What this exercise requires is a verbatim reproduction of the data below.

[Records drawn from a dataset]
****************

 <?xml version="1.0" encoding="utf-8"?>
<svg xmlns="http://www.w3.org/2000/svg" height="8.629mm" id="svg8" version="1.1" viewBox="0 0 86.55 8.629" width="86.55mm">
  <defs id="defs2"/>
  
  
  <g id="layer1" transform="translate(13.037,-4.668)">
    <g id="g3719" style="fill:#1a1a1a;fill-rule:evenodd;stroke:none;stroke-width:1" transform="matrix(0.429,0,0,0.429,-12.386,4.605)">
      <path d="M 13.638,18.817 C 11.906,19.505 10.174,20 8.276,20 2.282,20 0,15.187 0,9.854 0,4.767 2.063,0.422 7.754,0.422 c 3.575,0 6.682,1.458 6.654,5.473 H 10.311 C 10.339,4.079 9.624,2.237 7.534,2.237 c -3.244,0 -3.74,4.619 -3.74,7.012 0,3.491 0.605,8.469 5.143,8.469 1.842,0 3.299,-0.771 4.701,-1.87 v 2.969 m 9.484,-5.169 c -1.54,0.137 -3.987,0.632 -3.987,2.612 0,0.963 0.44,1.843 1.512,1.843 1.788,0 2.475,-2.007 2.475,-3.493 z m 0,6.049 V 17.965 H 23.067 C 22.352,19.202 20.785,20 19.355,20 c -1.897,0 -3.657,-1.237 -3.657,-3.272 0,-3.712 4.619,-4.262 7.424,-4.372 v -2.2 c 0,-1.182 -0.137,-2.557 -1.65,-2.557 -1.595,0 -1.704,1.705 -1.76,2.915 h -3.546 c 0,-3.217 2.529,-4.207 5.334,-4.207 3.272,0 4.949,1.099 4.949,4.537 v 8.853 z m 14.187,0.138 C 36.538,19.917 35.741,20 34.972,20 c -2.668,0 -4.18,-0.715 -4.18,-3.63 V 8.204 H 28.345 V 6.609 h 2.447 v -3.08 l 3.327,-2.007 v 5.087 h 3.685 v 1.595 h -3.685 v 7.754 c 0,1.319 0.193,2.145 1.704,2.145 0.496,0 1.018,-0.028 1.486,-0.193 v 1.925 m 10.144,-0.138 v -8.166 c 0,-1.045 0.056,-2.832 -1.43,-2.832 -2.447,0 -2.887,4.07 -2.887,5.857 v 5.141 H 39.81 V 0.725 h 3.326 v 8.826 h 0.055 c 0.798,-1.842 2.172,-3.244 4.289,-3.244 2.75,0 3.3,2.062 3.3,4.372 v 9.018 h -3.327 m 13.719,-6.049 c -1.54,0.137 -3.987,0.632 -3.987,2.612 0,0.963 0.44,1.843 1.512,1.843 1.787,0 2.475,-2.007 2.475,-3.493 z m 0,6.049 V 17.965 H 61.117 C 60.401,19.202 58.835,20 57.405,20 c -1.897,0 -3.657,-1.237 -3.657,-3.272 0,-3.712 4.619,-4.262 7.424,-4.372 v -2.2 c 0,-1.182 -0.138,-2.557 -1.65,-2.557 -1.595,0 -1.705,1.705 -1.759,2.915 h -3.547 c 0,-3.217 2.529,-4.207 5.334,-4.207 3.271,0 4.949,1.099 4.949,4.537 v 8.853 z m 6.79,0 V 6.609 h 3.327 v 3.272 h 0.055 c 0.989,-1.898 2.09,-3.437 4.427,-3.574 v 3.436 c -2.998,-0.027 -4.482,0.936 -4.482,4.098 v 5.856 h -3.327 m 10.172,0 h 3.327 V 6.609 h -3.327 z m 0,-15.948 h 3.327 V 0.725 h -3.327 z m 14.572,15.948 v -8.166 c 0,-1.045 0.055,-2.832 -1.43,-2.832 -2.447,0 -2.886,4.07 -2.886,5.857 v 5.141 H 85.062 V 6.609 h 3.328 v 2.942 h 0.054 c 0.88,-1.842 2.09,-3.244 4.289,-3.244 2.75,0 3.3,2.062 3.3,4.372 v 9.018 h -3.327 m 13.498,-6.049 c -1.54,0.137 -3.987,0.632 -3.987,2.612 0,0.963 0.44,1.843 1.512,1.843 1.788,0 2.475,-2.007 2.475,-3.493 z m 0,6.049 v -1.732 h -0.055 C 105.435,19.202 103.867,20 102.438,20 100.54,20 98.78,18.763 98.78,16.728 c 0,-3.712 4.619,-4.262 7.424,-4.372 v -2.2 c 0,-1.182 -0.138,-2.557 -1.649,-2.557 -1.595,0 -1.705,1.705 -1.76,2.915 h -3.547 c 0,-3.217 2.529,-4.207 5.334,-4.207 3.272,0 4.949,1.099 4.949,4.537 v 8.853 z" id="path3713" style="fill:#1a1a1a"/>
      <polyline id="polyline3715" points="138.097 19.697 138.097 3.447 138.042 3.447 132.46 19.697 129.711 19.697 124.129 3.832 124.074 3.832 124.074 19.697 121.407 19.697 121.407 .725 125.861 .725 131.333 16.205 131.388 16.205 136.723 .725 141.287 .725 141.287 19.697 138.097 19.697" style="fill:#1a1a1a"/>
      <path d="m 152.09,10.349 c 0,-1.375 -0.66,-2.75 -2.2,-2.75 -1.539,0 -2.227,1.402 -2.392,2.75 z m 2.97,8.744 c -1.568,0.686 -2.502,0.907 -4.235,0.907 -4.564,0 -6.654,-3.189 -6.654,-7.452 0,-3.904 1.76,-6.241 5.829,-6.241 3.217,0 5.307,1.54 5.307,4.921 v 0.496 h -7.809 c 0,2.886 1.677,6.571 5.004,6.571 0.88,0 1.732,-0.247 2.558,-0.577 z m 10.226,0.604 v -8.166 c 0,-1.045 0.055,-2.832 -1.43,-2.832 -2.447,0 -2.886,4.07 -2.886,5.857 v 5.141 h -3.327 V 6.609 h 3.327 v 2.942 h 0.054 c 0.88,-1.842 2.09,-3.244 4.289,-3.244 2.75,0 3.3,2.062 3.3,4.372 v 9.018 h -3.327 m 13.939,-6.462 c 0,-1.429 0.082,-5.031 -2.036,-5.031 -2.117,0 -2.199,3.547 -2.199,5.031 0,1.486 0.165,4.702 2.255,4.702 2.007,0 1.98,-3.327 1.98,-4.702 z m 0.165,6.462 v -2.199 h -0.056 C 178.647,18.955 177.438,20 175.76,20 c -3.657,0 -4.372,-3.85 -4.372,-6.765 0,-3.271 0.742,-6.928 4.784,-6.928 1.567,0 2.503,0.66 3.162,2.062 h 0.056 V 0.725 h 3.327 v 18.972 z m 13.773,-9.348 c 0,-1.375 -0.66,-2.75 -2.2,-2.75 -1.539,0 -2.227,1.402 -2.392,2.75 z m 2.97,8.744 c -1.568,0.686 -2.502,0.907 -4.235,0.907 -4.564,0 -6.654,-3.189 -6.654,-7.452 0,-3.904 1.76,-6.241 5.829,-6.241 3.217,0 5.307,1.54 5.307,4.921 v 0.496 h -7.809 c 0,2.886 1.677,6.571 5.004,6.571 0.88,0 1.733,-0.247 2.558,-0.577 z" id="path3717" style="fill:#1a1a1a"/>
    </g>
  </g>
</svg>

****************

Written solution:
 <?xml version="1.0" encoding="utf-8"?>
<svg xmlns="http://www.w3.org/2000/svg" height="8.629mm" id="svg8" version="1.1" viewBox="0 0 86.55 8.629" width="86.55mm">
  <defs id="defs2"/>
  
  
  <g id="layer1" transform="translate(13.037,-4.668)">
    <g id="g3719" style="fill:#1a1a1a;fill-rule:evenodd;stroke:none;stroke-width:1" transform="matrix(0.429,0,0,0.429,-12.386,4.605)">
      <path d="M 13.638,18.817 C 11.906,19.505 10.174,20 8.276,20 2.282,20 0,15.187 0,9.854 0,4.767 2.063,0.422 7.754,0.422 c 3.575,0 6.682,1.458 6.654,5.473 H 10.311 C 10.339,4.079 9.624,2.237 7.534,2.237 c -3.244,0 -3.74,4.619 -3.74,7.012 0,3.491 0.605,8.469 5.143,8.469 1.842,0 3.299,-0.771 4.701,-1.87 v 2.969 m 9.484,-5.169 c -1.54,0.137 -3.987,0.632 -3.987,2.612 0,0.963 0.44,1.843 1.512,1.843 1.788,0 2.475,-2.007 2.475,-3.493 z m 0,6.049 V 17.965 H 23.067 C 22.352,19.202 20.785,20 19.355,20 c -1.897,0 -3.657,-1.237 -3.657,-3.272 0,-3.712 4.619,-4.262 7.424,-4.372 v -2.2 c 0,-1.182 -0.137,-2.557 -1.65,-2.557 -1.595,0 -1.704,1.705 -1.76,2.915 h -3.546 c 0,-3.217 2.529,-4.207 5.334,-4.207 3.272,0 4.949,1.099 4.949,4.537 v 8.853 z m 14.187,0.138 C 36.538,19.917 35.741,20 34.972,20 c -2.668,0 -4.18,-0.715 -4.18,-3.63 V 8.204 H 28.345 V 6.609 h 2.447 v -3.08 l 3.327,-2.007 v 5.087 h 3.685 v 1.595 h -3.685 v 7.754 c 0,1.319 0.193,2.145 1.704,2.145 0.496,0 1.018,-0.028 1.486,-0.193 v 1.925 m 10.144,-0.138 v -8.166 c 0,-1.045 0.056,-2.832 -1.43,-2.832 -2.447,0 -2.887,4.07 -2.887,5.857 v 5.141 H 39.81 V 0.725 h 3.326 v 8.826 h 0.055 c 0.798,-1.842 2.172,-3.244 4.289,-3.244 2.75,0 3.3,2.062 3.3,4.372 v 9.018 h -3.327 m 13.719,-6.049 c -1.54,0.137 -3.987,0.632 -3.987,2.612 0,0.963 0.44,1.843 1.512,1.843 1.787,0 2.475,-2.007 2.475,-3.493 z m 0,6.049 V 17.965 H 61.117 C 60.401,19.202 58.835,20 57.405,20 c -1.897,0 -3.657,-1.237 -3.657,-3.272 0,-3.712 4.619,-4.262 7.424,-4.372 v -2.2 c 0,-1.182 -0.138,-2.557 -1.65,-2.557 -1.595,0 -1.705,1.705 -1.759,2.915 h -3.547 c 0,-3.217 2.529,-4.207 5.334,-4.207 3.271,0 4.949,1.099 4.949,4.537 v 8.853 z m 6.79,0 V 6.609 h 3.327 v 3.272 h 0.055 c 0.989,-1.898 2.09,-3.437 4.427,-3.574 v 3.436 c -2.998,-0.027 -4.482,0.936 -4.482,4.098 v 5.856 h -3.327 m 10.172,0 h 3.327 V 6.609 h -3.327 z m 0,-15.948 h 3.327 V 0.725 h -3.327 z m 14.572,15.948 v -8.166 c 0,-1.045 0.055,-2.832 -1.43,-2.832 -2.447,0 -2.886,4.07 -2.886,5.857 v 5.141 H 85.062 V 6.609 h 3.328 v 2.942 h 0.054 c 0.88,-1.842 2.09,-3.244 4.289,-3.244 2.75,0 3.3,2.062 3.3,4.372 v 9.018 h -3.327 m 13.498,-6.049 c -1.54,0.137 -3.987,0.632 -3.987,2.612 0,0.963 0.44,1.843 1.512,1.843 1.788,0 2.475,-2.007 2.475,-3.493 z m 0,6.049 v -1.732 h -0.055 C 105.435,19.202 103.867,20 102.438,20 100.54,20 98.78,18.763 98.78,16.728 c 0,-3.712 4.619,-4.262 7.424,-4.372 v -2.2 c 0,-1.182 -0.138,-2.557 -1.649,-2.557 -1.595,0 -1.705,1.705 -1.76,2.915 h -3.547 c 0,-3.217 2.529,-4.207 5.334,-4.207 3.272,0 4.949,1.099 4.949,4.537 v 8.853 z" id="path3713" style="fill:#1a1a1a"/>
      <polyline id="polyline3715" points="138.097 19.697 138.097 3.447 138.042 3.447 132.46 19.697 129.711 19.697 124.129 3.832 124.074 3.832 124.074 19.697 121.407 19.697 121.407 .725 125.861 .725 131.333 16.205 131.388 16.205 136.723 .725 141.287 .725 141.287 19.697 138.097 19.697" style="fill:#1a1a1a"/>
      <path d="m 152.09,10.349 c 0,-1.375 -0.66,-2.75 -2.2,-2.75 -1.539,0 -2.227,1.402 -2.392,2.75 z m 2.97,8.744 c -1.568,0.686 -2.502,0.907 -4.235,0.907 -4.564,0 -6.654,-3.189 -6.654,-7.452 0,-3.904 1.76,-6.241 5.829,-6.241 3.217,0 5.307,1.54 5.307,4.921 v 0.496 h -7.809 c 0,2.886 1.677,6.571 5.004,6.571 0.88,0 1.732,-0.247 2.558,-0.577 z m 10.226,0.604 v -8.166 c 0,-1.045 0.055,-2.832 -1.43,-2.832 -2.447,0 -2.886,4.07 -2.886,5.857 v 5.141 h -3.327 V 6.609 h 3.327 v 2.942 h 0.054 c 0.88,-1.842 2.09,-3.244 4.289,-3.244 2.75,0 3.3,2.062 3.3,4.372 v 9.018 h -3.327 m 13.939,-6.462 c 0,-1.429 0.082,-5.031 -2.036,-5.031 -2.117,0 -2.199,3.547 -2.199,5.031 0,1.486 0.165,4.702 2.255,4.702 2.007,0 1.98,-3.327 1.98,-4.702 z m 0.165,6.462 v -2.199 h -0.056 C 178.647,18.955 177.438,20 175.76,20 c -3.657,0 -4.372,-3.85 -4.372,-6.765 0,-3.271 0.742,-6.928 4.784,-6.928 1.567,0 2.503,0.66 3.162,2.062 h 0.056 V 0.725 h 3.327 v 18.972 z m 13.773,-9.348 c 0,-1.375 -0.66,-2.75 -2.2,-2.75 -1.539,0 -2.227,1.402 -2.392,2.75 z m 2.97,8.744 c -1.568,0.686 -2.502,0.907 -4.235,0.907 -4.564,0 -6.654,-3.189 -6.654,-7.452 0,-3.904 1.76,-6.241 5.829,-6.241 3.217,0 5.307,1.54 5.307,4.921 v 0.496 h -7.809 c 0,2.886 1.677,6.571 5.004,6.571 0.88,0 1.733,-0.247 2.558,-0.577 z" id="path3717" style="fill:#1a1a1a"/>
    </g>
  </g>
</svg>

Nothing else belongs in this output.